The copy you give must match the records exactly, except that it holds no images.

[Dataset records]
■ ■ ■ ■ ■ ■ ■
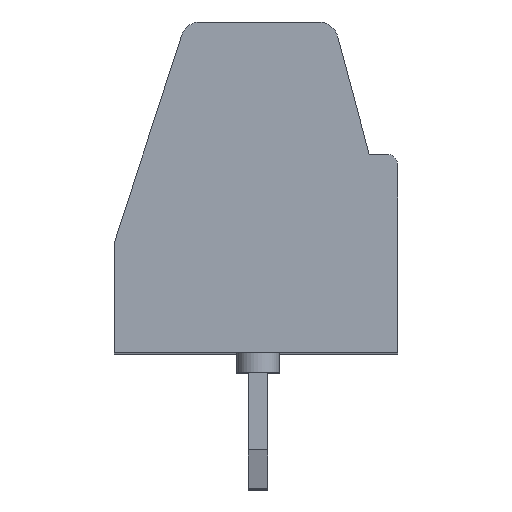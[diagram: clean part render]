
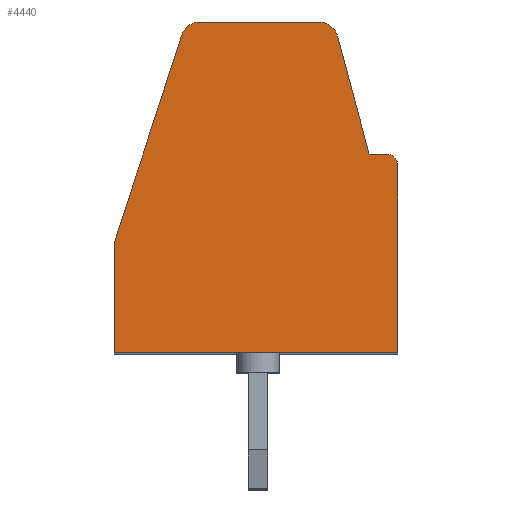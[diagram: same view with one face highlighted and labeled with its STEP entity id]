
A CAD part, top view. The second image highlights one B-rep face of the part: STEP entity #4440.
In plain terms, the highlighted face is planar.
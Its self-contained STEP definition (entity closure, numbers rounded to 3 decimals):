
#3540=CARTESIAN_POINT('',(0.,0.,
   -2.));
#3550=DIRECTION('',(0.,0.,
   1.));
#3560=DIRECTION('',(1.,0.,
   0.));
#3570=AXIS2_PLACEMENT_3D('',#3540,#3550,#3560);
#3580=PLANE('',#3570);
#3590=CARTESIAN_POINT('',(-84.502,20.821
   ,-2.));
#3600=DIRECTION('',(1.,0.,
   0.));
#3610=VECTOR('',#3600,1.);
#3620=LINE('',#3590,#3610);
#3630=CARTESIAN_POINT('',(-34.955,20.821
   ,-2.));
#3640=VERTEX_POINT('',#3630);
#3650=CARTESIAN_POINT('',(-27.655,20.821
   ,-2.));
#3660=VERTEX_POINT('',#3650);
#3670=EDGE_CURVE('',#3640,#3660,#3620,.T.);
#3680=ORIENTED_EDGE('',*,*,#3670,.F.);
#3690=CARTESIAN_POINT('',(-27.655,20.821
   ,-2.));
#3700=DIRECTION('',(0.,1.,
   0.));
#3710=VECTOR('',#3700,1.);
#3720=LINE('',#3690,#3710);
#3730=CARTESIAN_POINT('',(-27.655,23.628
   ,-2.));
#3740=VERTEX_POINT('',#3730);
#3750=EDGE_CURVE('',#3660,#3740,#3720,.T.);
#3760=ORIENTED_EDGE('',*,*,#3750,.F.);
#3770=CARTESIAN_POINT('',(-27.655,23.628
   ,-2.));
#3780=DIRECTION('',(-0.309,0.951,
   0.));
#3790=VECTOR('',#3780,1.);
#3800=LINE('',#3770,#3790);
#3810=CARTESIAN_POINT('',(-29.393,28.976
   ,-2.));
#3820=VERTEX_POINT('',#3810);
#3830=EDGE_CURVE('',#3740,#3820,#3800,.T.);
#3840=ORIENTED_EDGE('',*,*,#3830,.F.);
#3850=CARTESIAN_POINT('',(-29.869,28.821
   ,-2.));
#3860=DIRECTION('',(0.,0.,
   1.));
#3870=DIRECTION('',(1.,0.,
   0.));
#3880=AXIS2_PLACEMENT_3D('',#3850,#3860,#3870);
#3890=CIRCLE('',#3880,0.5);
#3900=CARTESIAN_POINT('',(-29.869,29.321
   ,-2.));
#3910=VERTEX_POINT('',#3900);
#3920=EDGE_CURVE('',#3820,#3910,#3890,.T.);
#3930=ORIENTED_EDGE('',*,*,#3920,.F.);
#3940=CARTESIAN_POINT('',(-32.922,29.321
   ,-2.));
#3950=DIRECTION('',(1.,0.,
   0.));
#3960=VECTOR('',#3950,1.);
#3970=LINE('',#3940,#3960);
#3980=CARTESIAN_POINT('',(-32.922,29.321
   ,-2.));
#3990=VERTEX_POINT('',#3980);
#4000=EDGE_CURVE('',#3990,#3910,#3970,.T.);
#4010=ORIENTED_EDGE('',*,*,#4000,.T.);
#4020=CARTESIAN_POINT('',(-32.922,28.821
   ,-2.));
#4030=DIRECTION('',(0.,0.,
   1.));
#4040=DIRECTION('',(1.,0.,
   0.));
#4050=AXIS2_PLACEMENT_3D('',#4020,#4030,#4040);
#4060=CIRCLE('',#4050,0.5);
#4070=CARTESIAN_POINT('',(-33.405,28.951
   ,-2.));
#4080=VERTEX_POINT('',#4070);
#4090=EDGE_CURVE('',#3990,#4080,#4060,.T.);
#4100=ORIENTED_EDGE('',*,*,#4090,.F.);
#4110=CARTESIAN_POINT('',(-33.405,28.951
   ,-2.));
#4120=DIRECTION('',(-0.259,-0.966,
   0.));
#4130=VECTOR('',#4120,1.);
#4140=LINE('',#4110,#4130);
#4150=CARTESIAN_POINT('',(-34.217,25.921
   ,-2.));
#4160=VERTEX_POINT('',#4150);
#4170=EDGE_CURVE('',#4080,#4160,#4140,.T.);
#4180=ORIENTED_EDGE('',*,*,#4170,.F.);
#4190=CARTESIAN_POINT('',(-34.217,25.921
   ,-2.));
#4200=DIRECTION('',(-1.,0.,
   0.));
#4210=VECTOR('',#4200,1.);
#4220=LINE('',#4190,#4210);
#4230=CARTESIAN_POINT('',(-34.655,25.921
   ,-2.));
#4240=VERTEX_POINT('',#4230);
#4250=EDGE_CURVE('',#4160,#4240,#4220,.T.);
#4260=ORIENTED_EDGE('',*,*,#4250,.F.);
#4270=CARTESIAN_POINT('',(-34.655,25.621
   ,-2.));
#4280=DIRECTION('',(0.,0.,
   1.));
#4290=DIRECTION('',(1.,0.,
   0.));
#4300=AXIS2_PLACEMENT_3D('',#4270,#4280,#4290);
#4310=CIRCLE('',#4300,0.3);
#4320=CARTESIAN_POINT('',(-34.955,25.621
   ,-2.));
#4330=VERTEX_POINT('',#4320);
#4340=EDGE_CURVE('',#4240,#4330,#4310,.T.);
#4350=ORIENTED_EDGE('',*,*,#4340,.F.);
#4360=CARTESIAN_POINT('',(-34.955,0.
   ,-2.));
#4370=DIRECTION('',(0.,-1.,
   0.));
#4380=VECTOR('',#4370,1.);
#4390=LINE('',#4360,#4380);
#4400=EDGE_CURVE('',#4330,#3640,#4390,.T.);
#4410=ORIENTED_EDGE('',*,*,#4400,.F.);
#4420=EDGE_LOOP('',(#4410,#4350,#4260,#4180,#4100,#4010,#3930,#3840,
   #3760,#3680));
#4430=FACE_OUTER_BOUND('',#4420,.T.);
#4440=ADVANCED_FACE('',(#4430),#3580,.F.);
■ ■ ■ ■ ■ ■ ■
Response to this exercise:
[diagram: clean part render]
[diagram: same view with one face highlighted and labeled with its STEP entity id]
A CAD part, top view. The second image highlights one B-rep face of the part: STEP entity #4440.
In plain terms, the highlighted face is planar.
Its self-contained STEP definition (entity closure, numbers rounded to 3 decimals):
#3540=CARTESIAN_POINT('',(0.,0.,
   -2.));
#3550=DIRECTION('',(0.,0.,
   1.));
#3560=DIRECTION('',(1.,0.,
   0.));
#3570=AXIS2_PLACEMENT_3D('',#3540,#3550,#3560);
#3580=PLANE('',#3570);
#3590=CARTESIAN_POINT('',(-84.502,20.821
   ,-2.));
#3600=DIRECTION('',(1.,0.,
   0.));
#3610=VECTOR('',#3600,1.);
#3620=LINE('',#3590,#3610);
#3630=CARTESIAN_POINT('',(-34.955,20.821
   ,-2.));
#3640=VERTEX_POINT('',#3630);
#3650=CARTESIAN_POINT('',(-27.655,20.821
   ,-2.));
#3660=VERTEX_POINT('',#3650);
#3670=EDGE_CURVE('',#3640,#3660,#3620,.T.);
#3680=ORIENTED_EDGE('',*,*,#3670,.F.);
#3690=CARTESIAN_POINT('',(-27.655,20.821
   ,-2.));
#3700=DIRECTION('',(0.,1.,
   0.));
#3710=VECTOR('',#3700,1.);
#3720=LINE('',#3690,#3710);
#3730=CARTESIAN_POINT('',(-27.655,23.628
   ,-2.));
#3740=VERTEX_POINT('',#3730);
#3750=EDGE_CURVE('',#3660,#3740,#3720,.T.);
#3760=ORIENTED_EDGE('',*,*,#3750,.F.);
#3770=CARTESIAN_POINT('',(-27.655,23.628
   ,-2.));
#3780=DIRECTION('',(-0.309,0.951,
   0.));
#3790=VECTOR('',#3780,1.);
#3800=LINE('',#3770,#3790);
#3810=CARTESIAN_POINT('',(-29.393,28.976
   ,-2.));
#3820=VERTEX_POINT('',#3810);
#3830=EDGE_CURVE('',#3740,#3820,#3800,.T.);
#3840=ORIENTED_EDGE('',*,*,#3830,.F.);
#3850=CARTESIAN_POINT('',(-29.869,28.821
   ,-2.));
#3860=DIRECTION('',(0.,0.,
   1.));
#3870=DIRECTION('',(1.,0.,
   0.));
#3880=AXIS2_PLACEMENT_3D('',#3850,#3860,#3870);
#3890=CIRCLE('',#3880,0.5);
#3900=CARTESIAN_POINT('',(-29.869,29.321
   ,-2.));
#3910=VERTEX_POINT('',#3900);
#3920=EDGE_CURVE('',#3820,#3910,#3890,.T.);
#3930=ORIENTED_EDGE('',*,*,#3920,.F.);
#3940=CARTESIAN_POINT('',(-32.922,29.321
   ,-2.));
#3950=DIRECTION('',(1.,0.,
   0.));
#3960=VECTOR('',#3950,1.);
#3970=LINE('',#3940,#3960);
#3980=CARTESIAN_POINT('',(-32.922,29.321
   ,-2.));
#3990=VERTEX_POINT('',#3980);
#4000=EDGE_CURVE('',#3990,#3910,#3970,.T.);
#4010=ORIENTED_EDGE('',*,*,#4000,.T.);
#4020=CARTESIAN_POINT('',(-32.922,28.821
   ,-2.));
#4030=DIRECTION('',(0.,0.,
   1.));
#4040=DIRECTION('',(1.,0.,
   0.));
#4050=AXIS2_PLACEMENT_3D('',#4020,#4030,#4040);
#4060=CIRCLE('',#4050,0.5);
#4070=CARTESIAN_POINT('',(-33.405,28.951
   ,-2.));
#4080=VERTEX_POINT('',#4070);
#4090=EDGE_CURVE('',#3990,#4080,#4060,.T.);
#4100=ORIENTED_EDGE('',*,*,#4090,.F.);
#4110=CARTESIAN_POINT('',(-33.405,28.951
   ,-2.));
#4120=DIRECTION('',(-0.259,-0.966,
   0.));
#4130=VECTOR('',#4120,1.);
#4140=LINE('',#4110,#4130);
#4150=CARTESIAN_POINT('',(-34.217,25.921
   ,-2.));
#4160=VERTEX_POINT('',#4150);
#4170=EDGE_CURVE('',#4080,#4160,#4140,.T.);
#4180=ORIENTED_EDGE('',*,*,#4170,.F.);
#4190=CARTESIAN_POINT('',(-34.217,25.921
   ,-2.));
#4200=DIRECTION('',(-1.,0.,
   0.));
#4210=VECTOR('',#4200,1.);
#4220=LINE('',#4190,#4210);
#4230=CARTESIAN_POINT('',(-34.655,25.921
   ,-2.));
#4240=VERTEX_POINT('',#4230);
#4250=EDGE_CURVE('',#4160,#4240,#4220,.T.);
#4260=ORIENTED_EDGE('',*,*,#4250,.F.);
#4270=CARTESIAN_POINT('',(-34.655,25.621
   ,-2.));
#4280=DIRECTION('',(0.,0.,
   1.));
#4290=DIRECTION('',(1.,0.,
   0.));
#4300=AXIS2_PLACEMENT_3D('',#4270,#4280,#4290);
#4310=CIRCLE('',#4300,0.3);
#4320=CARTESIAN_POINT('',(-34.955,25.621
   ,-2.));
#4330=VERTEX_POINT('',#4320);
#4340=EDGE_CURVE('',#4240,#4330,#4310,.T.);
#4350=ORIENTED_EDGE('',*,*,#4340,.F.);
#4360=CARTESIAN_POINT('',(-34.955,0.
   ,-2.));
#4370=DIRECTION('',(0.,-1.,
   0.));
#4380=VECTOR('',#4370,1.);
#4390=LINE('',#4360,#4380);
#4400=EDGE_CURVE('',#4330,#3640,#4390,.T.);
#4410=ORIENTED_EDGE('',*,*,#4400,.F.);
#4420=EDGE_LOOP('',(#4410,#4350,#4260,#4180,#4100,#4010,#3930,#3840,
   #3760,#3680));
#4430=FACE_OUTER_BOUND('',#4420,.T.);
#4440=ADVANCED_FACE('',(#4430),#3580,.F.);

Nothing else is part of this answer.